Approximately 90% of the world’s populations have a mean usual sodium intake within a range of approximately 115–215 mmol (±2 SD).4 According to the IOM definitions, the lower level (approximately 115 mmol) would be the AI below which there could be an increased risk of inadequacy and the upper level (approximately 215 mmol) would be the limit above which there could be an increased risk of side effects.3 Accordingly, participants from individual studies were organized in sodium exposure groups: (i) low sodium (mean daily sodium intake <115 mmol; 2,645mg Na; 6,613mg NaCl); (ii) usual sodium (mean daily sodium intake of 115–215 mmol); and (iii) high sodium (mean daily sodium intake >215 mmol; 4,945mg Na; 12,363mg NaCl). The usual sodium group was further subdivided into low usual sodium (115–165 mmol) and high usual sodium (166–215 mmol). The exposures were determined by means of 24-hour urine secretions, spot urine secretions, or dietary anamnesis (dietary recalls, food frequency questionnaires).

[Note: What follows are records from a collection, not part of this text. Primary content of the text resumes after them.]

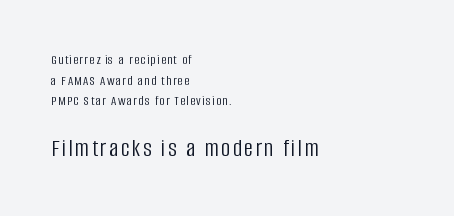
The image shows 25 px text type, upright; set left-aligned, normal line spacing (1.48x), not underlined; the second (bottom) block is 1.79x larger.
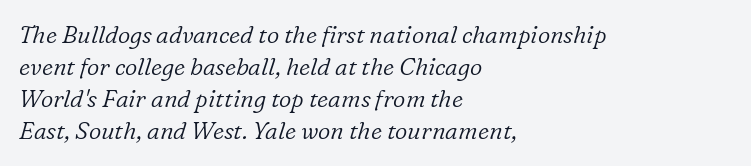
The image shows 24 px text type, italic (leaning right); set left-aligned, normal line spacing (1.34x), normal letter spacing, not underlined.
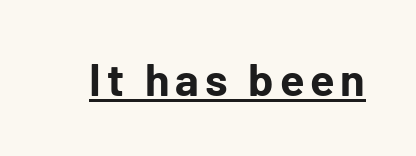
The image shows 45 px bold sans-serif type, upright; set underlined; low stroke contrast and a medium x-height.
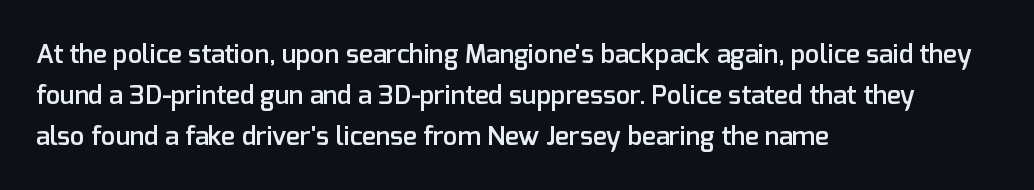
Caption: semibold face, moderately heavy strokes. Students, observe: this is what conventionally led text looks like. Quick note: not italic, upright. A bare baseline throughout the passage.
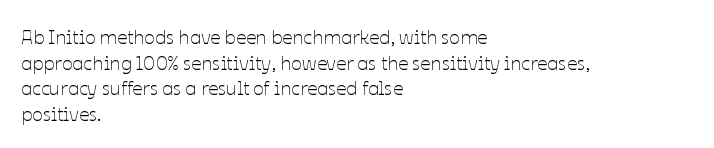
The image shows 20 px text type, upright; set left-aligned, normal line spacing (1.28x), normal letter spacing, not underlined.
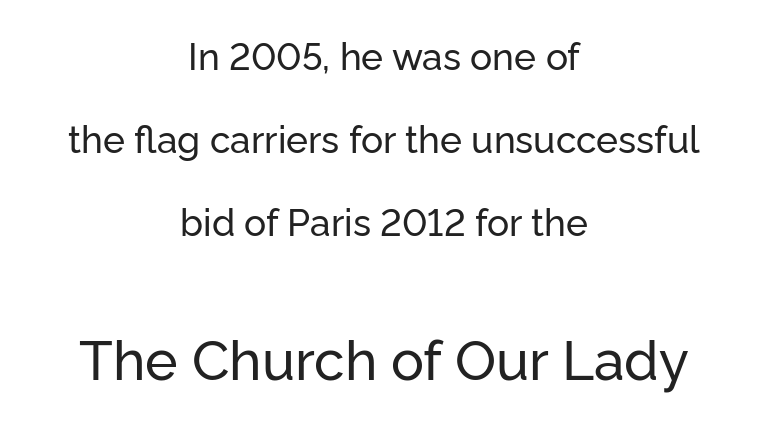
Check where the strokes stop: nothing finishes them off — pure sans. Short note: letters normally spaced. Beneath every word, the page is bare. You could fit nearly another row in the gap between these rows.
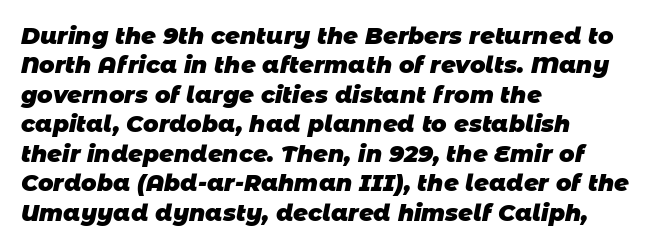
The image shows 23 px bold type; set left-aligned, normal line spacing (1.28x), normal letter spacing, not underlined.
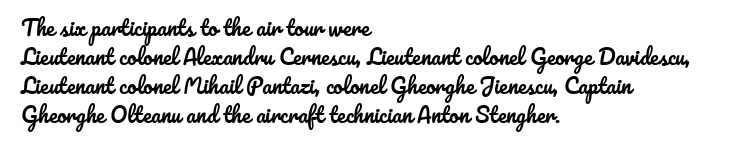
{"underline": "no", "align": "left", "line_spacing": "normal", "line_spacing_ratio": 1.38, "letter_spacing": "normal", "letter_spacing_em": 0.0, "glyph_px": 21}
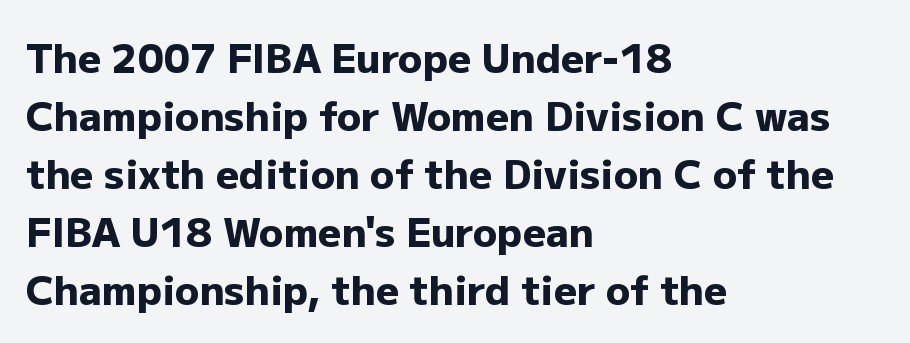
The image shows 40 px heavy sans-serif type, upright; set left-aligned, normal line spacing (1.45x), normal letter spacing, not underlined; low stroke contrast and a medium x-height.
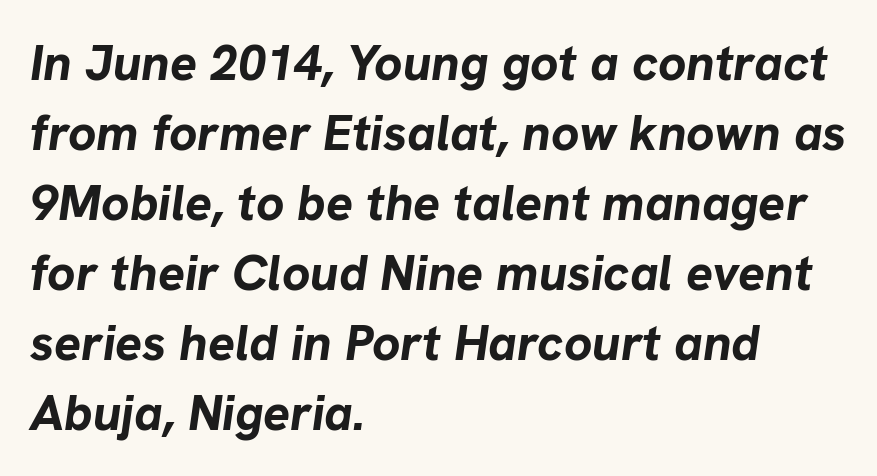
Default kerning and tracking; the words read as compact shapes. Varying glyph widths throughout — classic text-font behaviour. These lines stack with their left ends in a neat column. These words are printed bold, with thick strokes throughout. Rendered with sloped, italic letterforms.
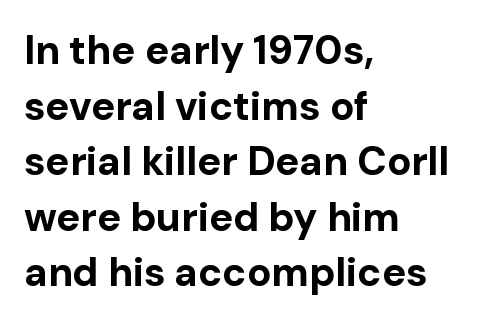
{"serif": "no", "italic": "no", "bold": "yes", "weight": "bold", "width": "normal", "stroke_contrast": "low", "x_height": "medium", "monospaced": "no", "underline": "no", "align": "left", "line_spacing": "normal", "line_spacing_ratio": 1.39, "letter_spacing": "normal", "letter_spacing_em": 0.0, "glyph_px": 40}
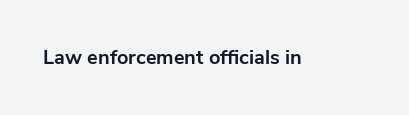
The rendering keeps characters at their native spacing. Underlining? Definitely not there. Nope, not italic — everything's standing straight. Set as a true bold cut, around the 700 mark.
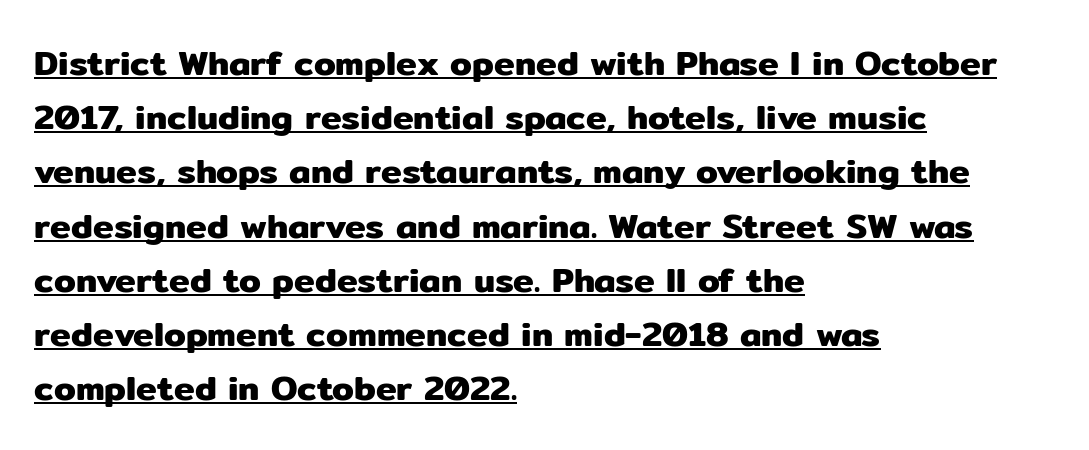
The image shows 35 px sans-serif type, upright; set left-aligned, normal line spacing (1.55x), normal letter spacing, underlined; low stroke contrast and a medium x-height.
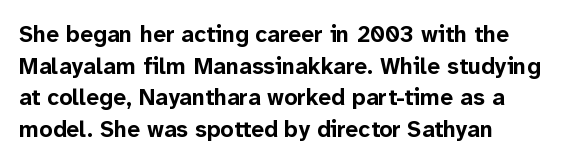
One glance says typical: line gaps are just what's usual. The letters stand upright; this is a roman face. These lines stack with their left ends in a neat column. Bold? Absolutely — the strokes are thick and heavy.
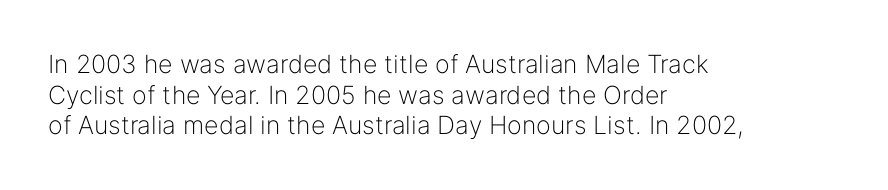
{"italic": "no", "bold": "no", "underline": "no", "align": "left", "line_spacing_ratio": 1.23, "letter_spacing": "normal", "letter_spacing_em": 0.0, "glyph_px": 25}
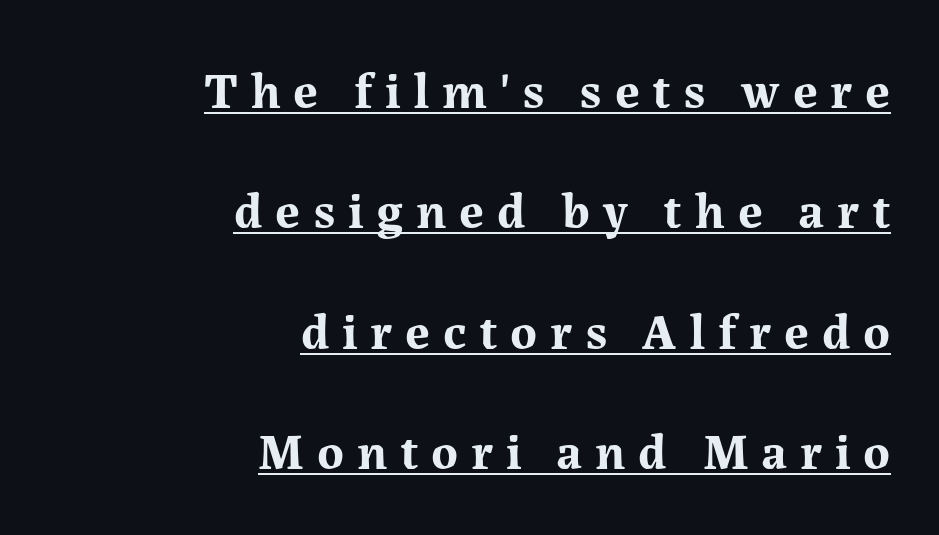
{"serif": "yes", "italic": "no", "bold": "yes", "weight": "bold", "width": "normal", "stroke_contrast": "medium", "x_height": "medium", "monospaced": "no", "underline": "yes", "align": "right", "line_spacing": "loose", "line_spacing_ratio": 2.36, "letter_spacing": "wide", "letter_spacing_em": 0.25, "glyph_px": 51}
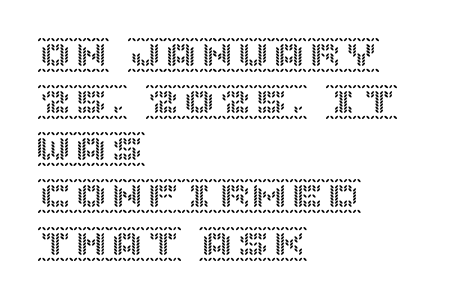
The image shows 36 px text type, upright; set left-aligned, normal line spacing (1.31x), normal letter spacing, not underlined; a large x-height.
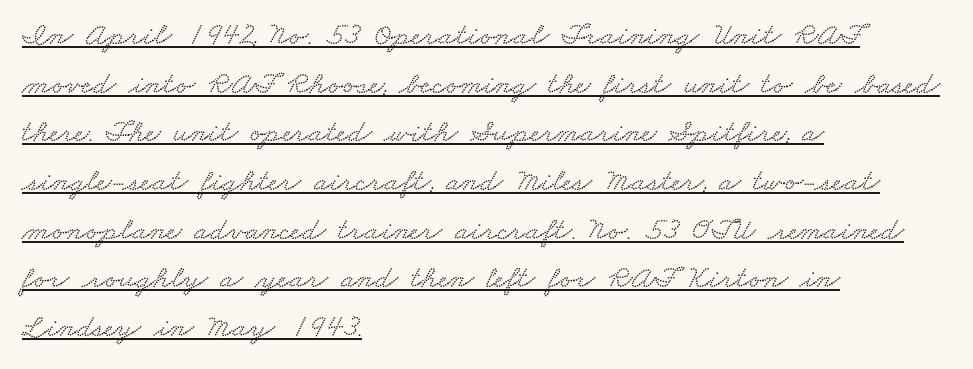
The passage shown stacks its lines at a standard gap. Like a heading marked for emphasis, these lines bear an underscore. What stands out about the letter spacing? Nothing — it is the standard amount. Every row of glyphs begins at an identical x-position on the left.
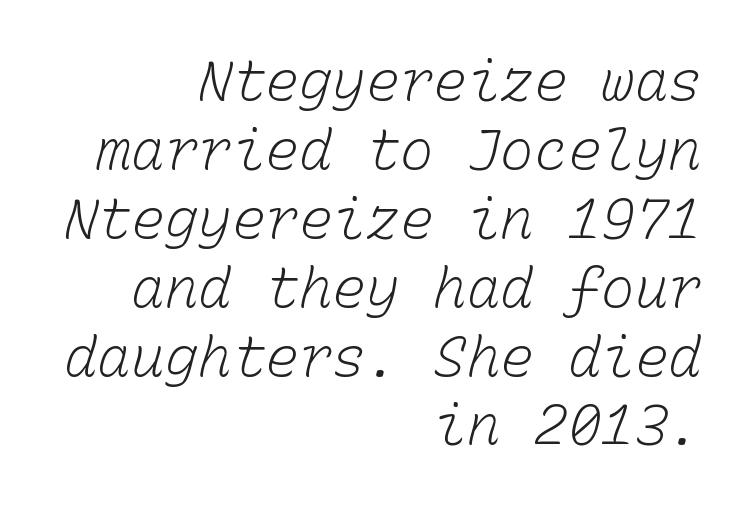
The image shows 56 px light type, monospaced; set right-aligned, line spacing 1.23x, normal letter spacing, not underlined; low stroke contrast and a medium x-height.
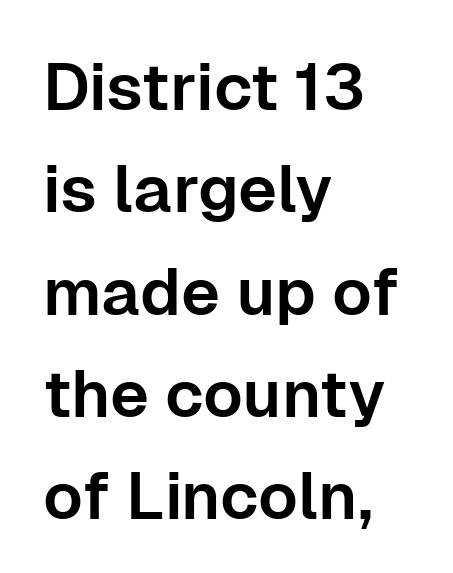
Reading down the block, your eye returns to a fixed left position each line. Whoever set this chose a conventional vertical rhythm. The rendering uses natural spacing where letterforms have individual widths. The characters display no serif detailing; their extremities are plain.
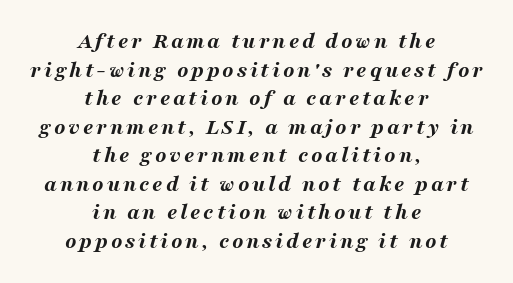
Q: Is the text bold? A: Yes.
Q: Is the text italic (slanted)? A: Yes, it leans right by about 16 degrees.
Q: Is the text underlined? A: No.
Q: How is the paragraph aligned? A: Centered.
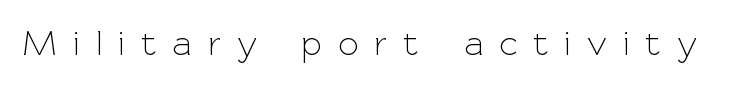
Q: Is the text bold? A: No.
Q: Is the text italic (slanted)? A: No, it is upright.
Q: Is the typeface a serif or a sans-serif typeface? A: Sans-serif.
Q: Is the text underlined? A: No.
Q: Is the spacing between letters normal or unusually wide? A: Unusually wide.
Q: Width (condensed, normal, or wide)? A: Normal.
Q: x-height? A: Medium.
Q: Monospaced? A: No.
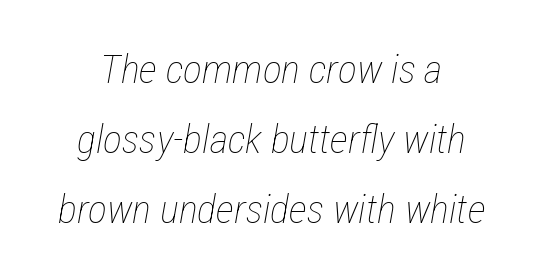
Is this a fixed-width face? No — the glyphs have proportional, varying widths. Nothing unusual about the tracking: characters are spaced as the font intends. Descender tails drop into unmarked territory. The whole block is typeset with a tilt.
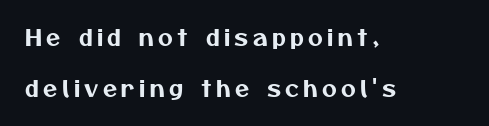
The image shows 23 px text type; set left-aligned, loose line spacing (2.22x), not underlined.
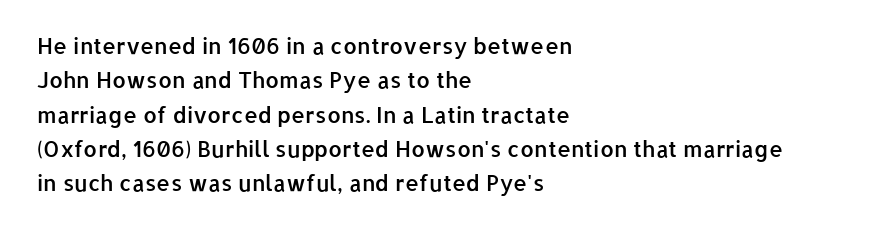
The image shows 22 px text type, upright; set left-aligned, normal line spacing (1.56x), normal letter spacing, not underlined.
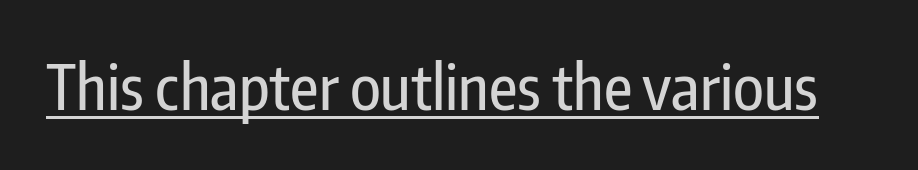
The image shows 62 px condensed sans-serif type, upright; set normal letter spacing, underlined; low stroke contrast and a medium x-height.
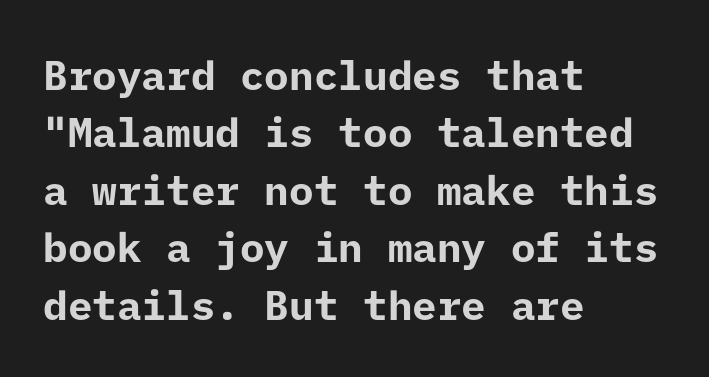
Q: Is the text bold? A: Yes.
Q: Is the text italic (slanted)? A: No, it is upright.
Q: Is the typeface a serif or a sans-serif typeface? A: Sans-serif.
Q: Is the text underlined? A: No.
Q: How is the paragraph aligned? A: Left-aligned.
Q: Is the spacing between letters normal or unusually wide? A: Normal.
Q: Is the spacing between lines tight, normal or loose? A: Normal.
Q: Width (condensed, normal, or wide)? A: Normal.
Q: Stroke contrast? A: Low.
Q: x-height? A: Medium.
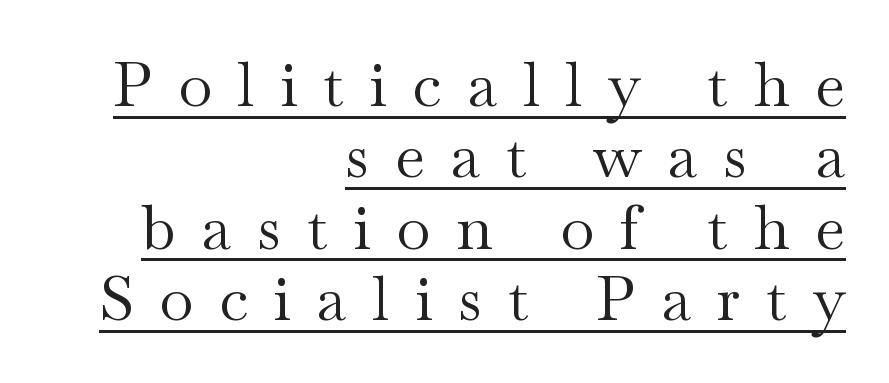
Is there any slant? The stems are plumb. Serif or sans? Serif — the stroke terminals have little feet. The rendering uses natural spacing where letterforms have individual widths. Vertical spacing — tight. Has an underline been added? It has. Typeset ragged left — the right edge is the straight one.
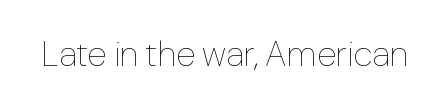
{"italic": "no", "bold": "no", "weight": "thin", "width": "normal", "stroke_contrast": "low", "x_height": "medium", "monospaced": "no", "underline": "no", "letter_spacing": "normal", "letter_spacing_em": 0.0, "glyph_px": 36}
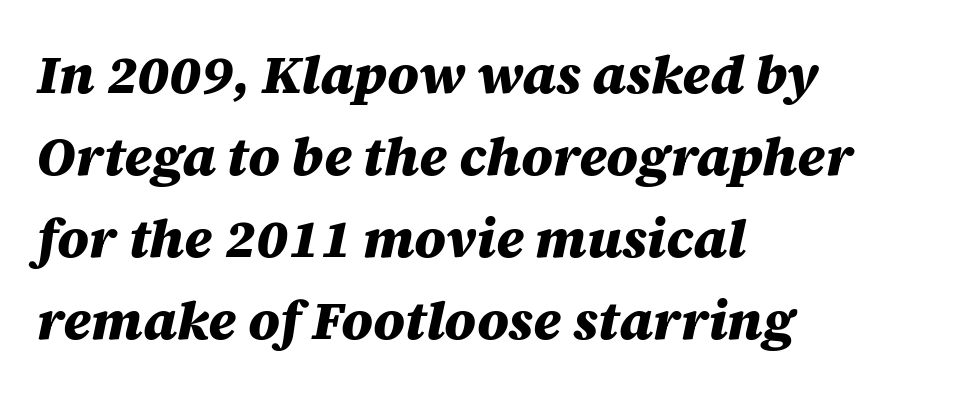
Q: Is the text bold? A: Yes.
Q: Is the text italic (slanted)? A: Yes, it leans right by about 12 degrees.
Q: Is the text underlined? A: No.
Q: How is the paragraph aligned? A: Left-aligned.
Q: Is the spacing between letters normal or unusually wide? A: Normal.
Q: Is the spacing between lines tight, normal or loose? A: Normal.
Q: Width (condensed, normal, or wide)? A: Normal.
Q: Stroke contrast? A: Medium.
Q: x-height? A: Large.
Q: Monospaced? A: No.
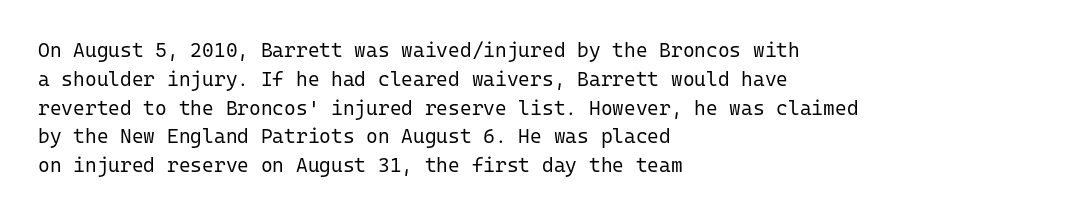
The image shows 20 px text type, upright; set left-aligned, normal line spacing (1.44x), normal letter spacing, not underlined.
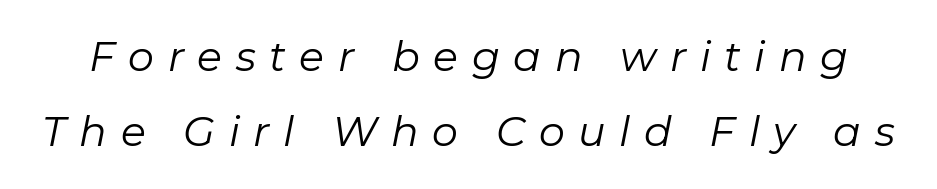
Summary of weight: not heavy and not bold. Inter-character spacing is expanded well beyond the font's built-in metrics. It's the slanting kind of type. This sample has the flowing, uneven cadence of proportional lettering.
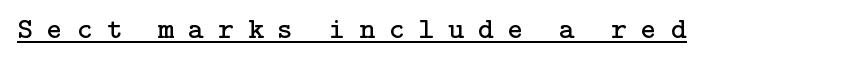
Q: Is the text bold? A: No.
Q: Is the text italic (slanted)? A: No, it is upright.
Q: Is the typeface a serif or a sans-serif typeface? A: Serif.
Q: Is the text underlined? A: Yes.
Q: Is the spacing between letters normal or unusually wide? A: Unusually wide.
Q: Width (condensed, normal, or wide)? A: Normal.
Q: Stroke contrast? A: Low.
Q: x-height? A: Medium.

The experimental exposures were defined to be the low sodium group and the high sodium group, which were compared with the usual sodium group (the comparator). Any study that included groups with a mean sodium intake within at least 2 of the defined intervals were included. If a study included >1 percentile/group within 1 of the 3 groups, low sodium, usual sodium, or high sodium, all of the percentiles/groups were included in the particular group. Studies reporting the outcome as a hazard ratio (HR) per unit of sodium (SD; mmol or gram) were classified as a usual sodium vs. low sodium study if the mean sodium intake in the whole population was ≤215 mmol and as a high sodium vs. usual sodium study if the mean sodium intake was >215 mmol.

Data from studies that had analyzed data in at least 2 percentiles (e.g., 2 quartiles or 2–3 quintiles) within the usual range (115–215 mmol) were included in a comparison of high usual sodium vs. low usual sodium in addition to studies that reported HRs per unit of sodium to investigate the possible significance of sodium intake within the usual range of sodium intake.

Types of outcome measure.

Hypothetically sodium reduction works through a decrease in blood pressure, which might lead to a decrease in CVD events/mortality and especially stroke events/mortality and heart disease (HD) events/mortality (from coronary heart disease and/or cardiac failure). These hypothetical effects do not take possible side effects of sodium reduction into account. Relatively, the CVD effects would therefore only be important if they are also reflected in ACM. Furthermore, outcomes based on CVD diagnoses from death certificates may be inaccurate12 in contrast with ACM, which can be assumed to be 100% accurate. Consequently, we defined the following outcomes: (i) ACM (primary outcome); (ii) CVD outcome, combined data of mortality and event; (iii) stroke outcome, combined data of mortality and event; (iv) HD outcome, combined data of mortality and event; (v) composite outcome: the outcome (ACM, CVD, stroke, or HD) with the largest incidence of events.

Criteria for exclusion.

Observational studies in which participants at the time of inclusion had been advised to be on a low sodium diet were excluded because the sodium intake would less likely represent the habitual sodium intake (bias by indication), and studies in which the sodium exposure was combined with an additional exposure, for instance potassium intake or weight reduction, were excluded because the additional exposure could be a confounder.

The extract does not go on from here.